The plane to New York was a little of a thing, but the plane to Paris was huge, more like a building. Inside, great crowds were taking off their coats, pushing bags under seats. Babies were crying, mothers were speaking sharply to children.
Macon took his seat and was joined by an old couple speaking French. They nodded to Macon, but did not smile. He looked up at the passengers still coming in. A Japanese man carrying several cameras, a young girl in a sun hat. A woman in a white suit, with a little red case, her hair a dark tent, her face a thin triangle.
Muriel.
First he had that warm feeling you get when you recognize a face among strangers. And then: Oh, my God, he thought.
When she passed him, she looked at him and he saw that she’d known he was there. “ I’m going to France, ” she told him.
‘But you can’t!’ he said.
The French couple looked at him curiously. More passengers arrived behind Muriel, and she had to move on.
Sarah would find out about this, Macon thought. Somehow she would know. She always said he had no feeling and this would know. She had always said he had no feeling and this would prove it. That he could say goodbye so lovingly and then fly off to Paris with Muriel. Well, it was none of his doing and he wasn’t going to take the blame.
When the plane was in the air, he tried to study Julian’s notes, but he could not concentrate. A few hours later he got out his shaving things and went to back of the plane. Unfortunately, there was a line of people and he had to wait. He felt someone arrive at his side. He looked and there was Muriel.

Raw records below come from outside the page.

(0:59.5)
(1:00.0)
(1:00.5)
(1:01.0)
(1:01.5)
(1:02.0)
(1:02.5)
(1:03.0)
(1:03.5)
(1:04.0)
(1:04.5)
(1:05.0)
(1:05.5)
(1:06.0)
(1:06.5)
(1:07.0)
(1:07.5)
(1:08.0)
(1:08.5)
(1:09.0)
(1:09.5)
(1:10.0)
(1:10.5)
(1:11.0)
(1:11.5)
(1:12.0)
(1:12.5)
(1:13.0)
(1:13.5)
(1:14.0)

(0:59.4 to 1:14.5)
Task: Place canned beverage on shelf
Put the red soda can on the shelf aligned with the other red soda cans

He said, “Muriel, what are you doing? You can’t afford the fare. And anyway, how did you know which flight I was on?”
“I called your travel agent. I borrowed from Bernice and a bit from my sister. And I’m going to Paris!”

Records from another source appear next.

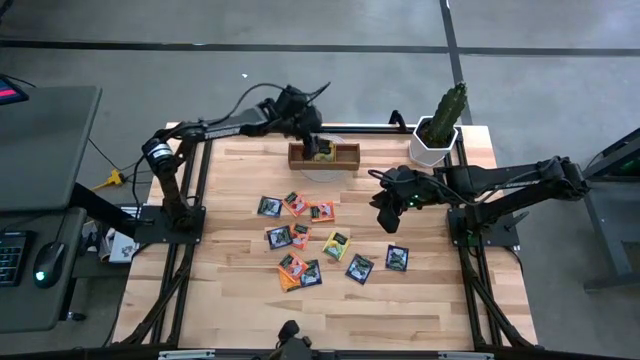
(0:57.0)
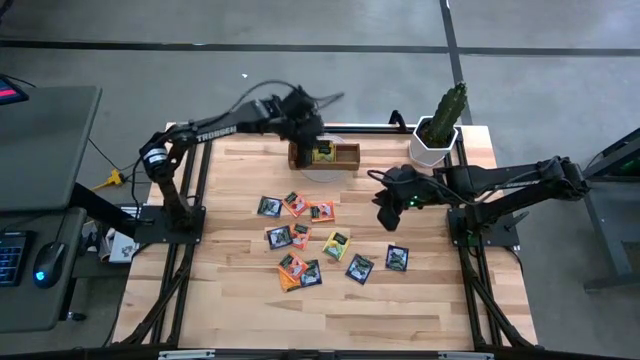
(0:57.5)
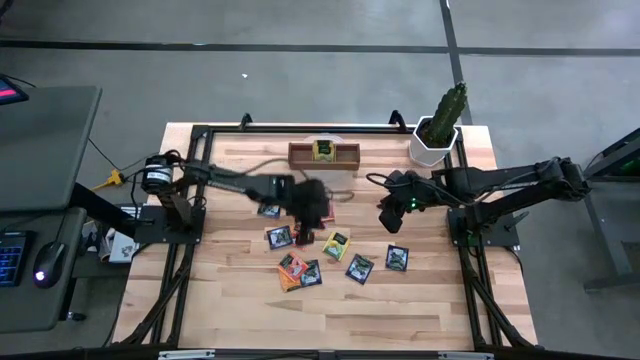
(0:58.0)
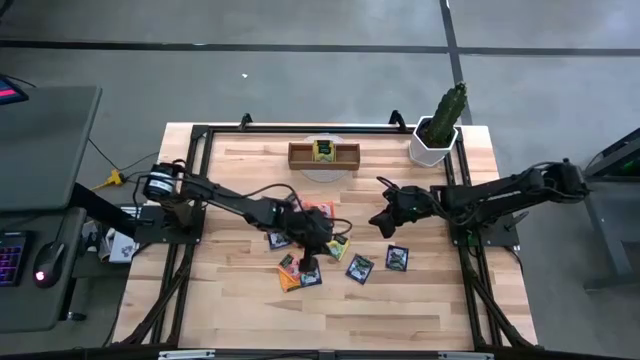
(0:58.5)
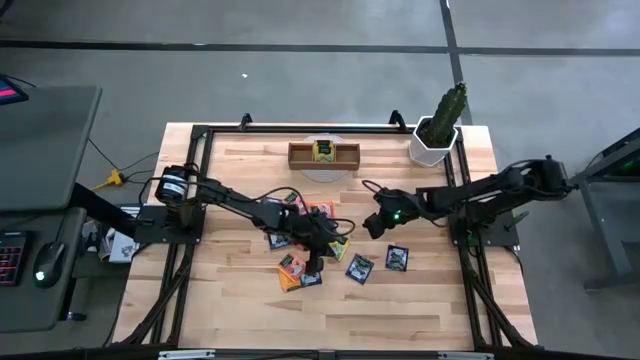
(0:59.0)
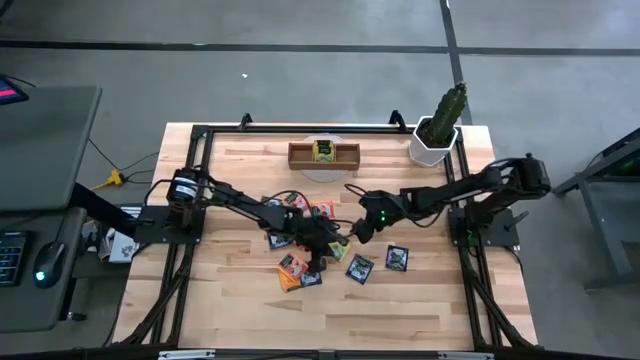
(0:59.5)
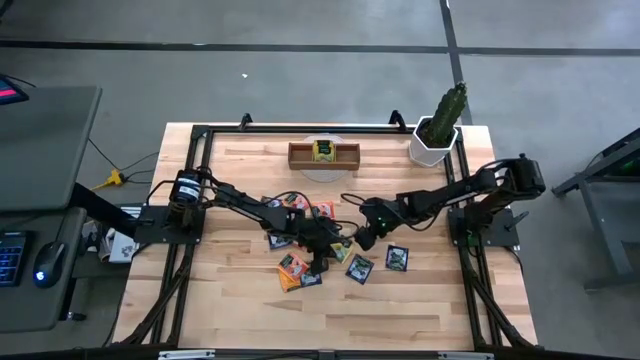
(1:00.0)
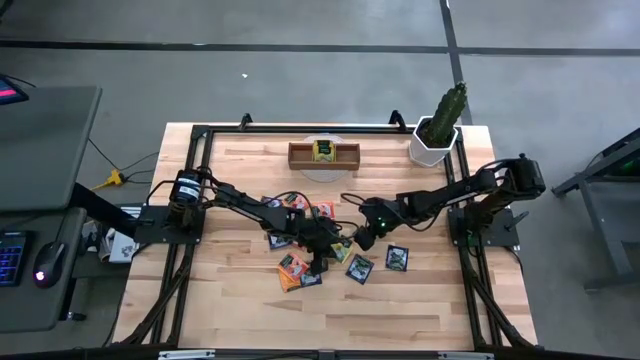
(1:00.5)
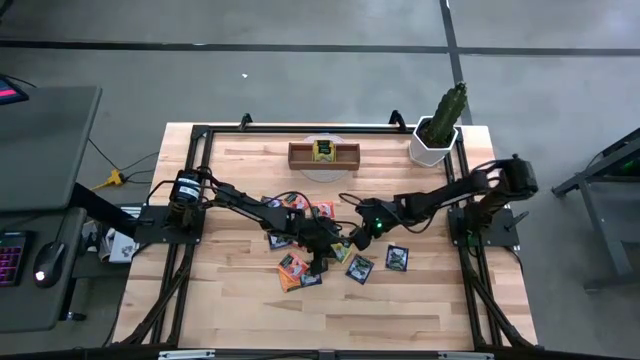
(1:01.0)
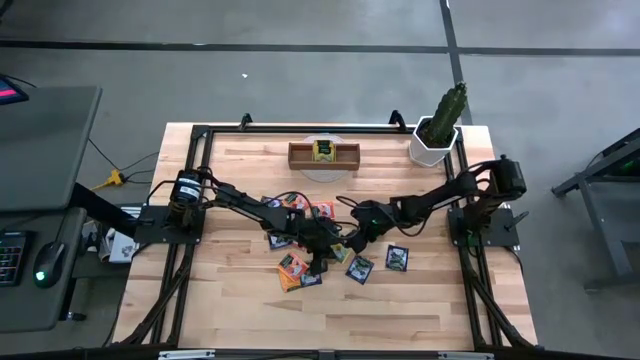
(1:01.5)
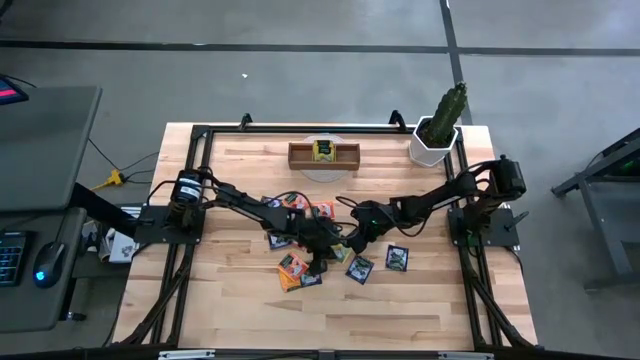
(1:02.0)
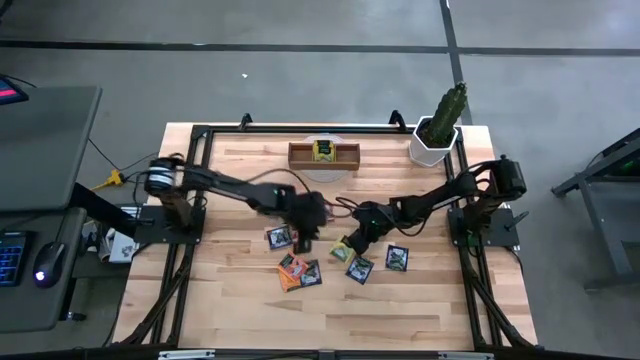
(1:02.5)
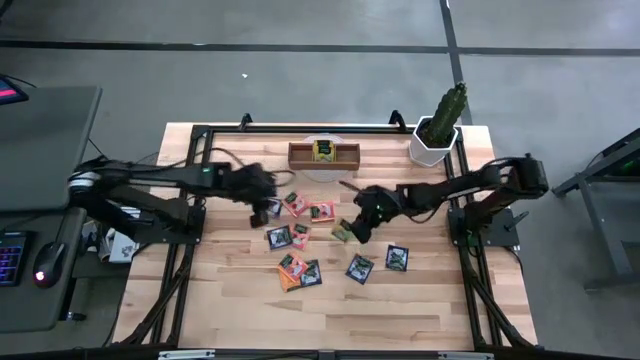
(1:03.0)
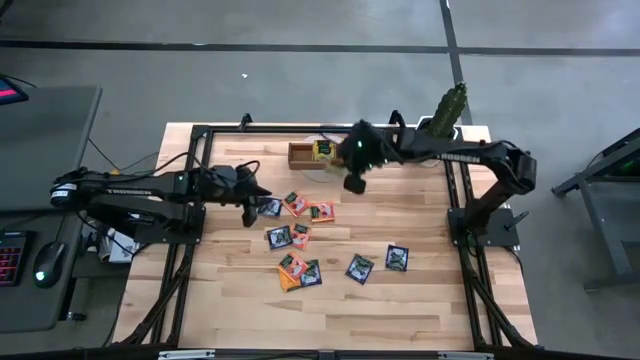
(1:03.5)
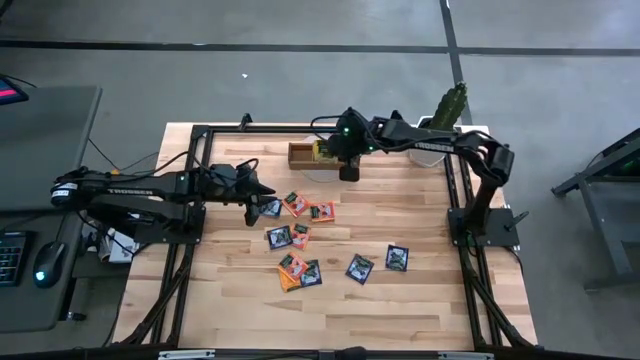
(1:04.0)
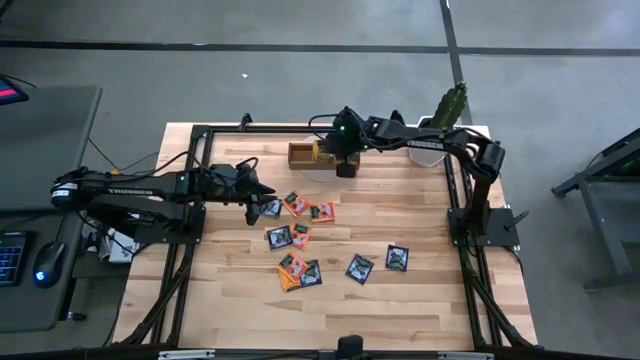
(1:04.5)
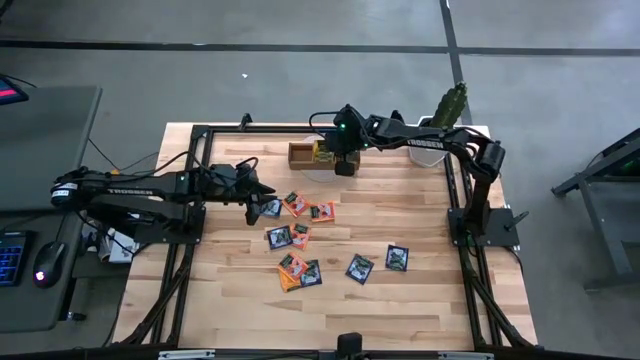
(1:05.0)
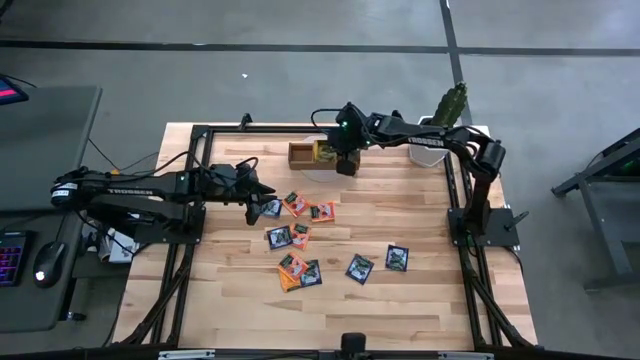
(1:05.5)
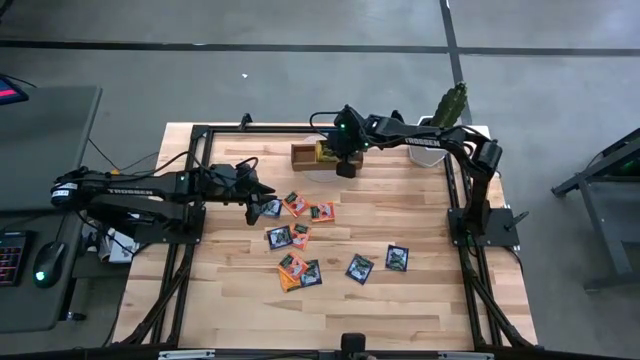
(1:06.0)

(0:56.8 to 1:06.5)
Task: Pick & Place Tea
Put the yellow tea bag in the middle compartment of the organizer

“But why, Muriel? Why are you doing this?”
She lifted her pointed little chin. “Because I felt like it.”
“You felt like spending five days alone in a Paris hotel?”
“You need to have me around,” she said. “You were falling to pieces before you had me.”
A door opened and a man came out of one of the toilets. Macon stepped inside and locked the door behind him. He wished he could disappear, or at least go back and undo all the untidy, unthinking things he’ d been responsible for in his life.
If she had read even one of his guidebooks, she’d have known not to travel in white.
When he came out, she had gone. For the rest of the flight he did not go near the back of the plane, and on arrival in Paris he hurried through the airport, and into a taxi to his hotel. It was one of those old Parisian hotels where mechanical things often went wrong. One of the two elevators was out of order and the phone in his room did not work. He unpacked, then went to the window and looked out over the rooftops.
How would she manage alone in such an unknown city?
He thought of how she was at home, knowing everything and everybody, wise and clever in the ways of her neighborhood. But she didn’t know Paris. She might not have any money, she did not speak a word of the language.
By the time he heard her knock, he was so anxious that he almost ran to open the door.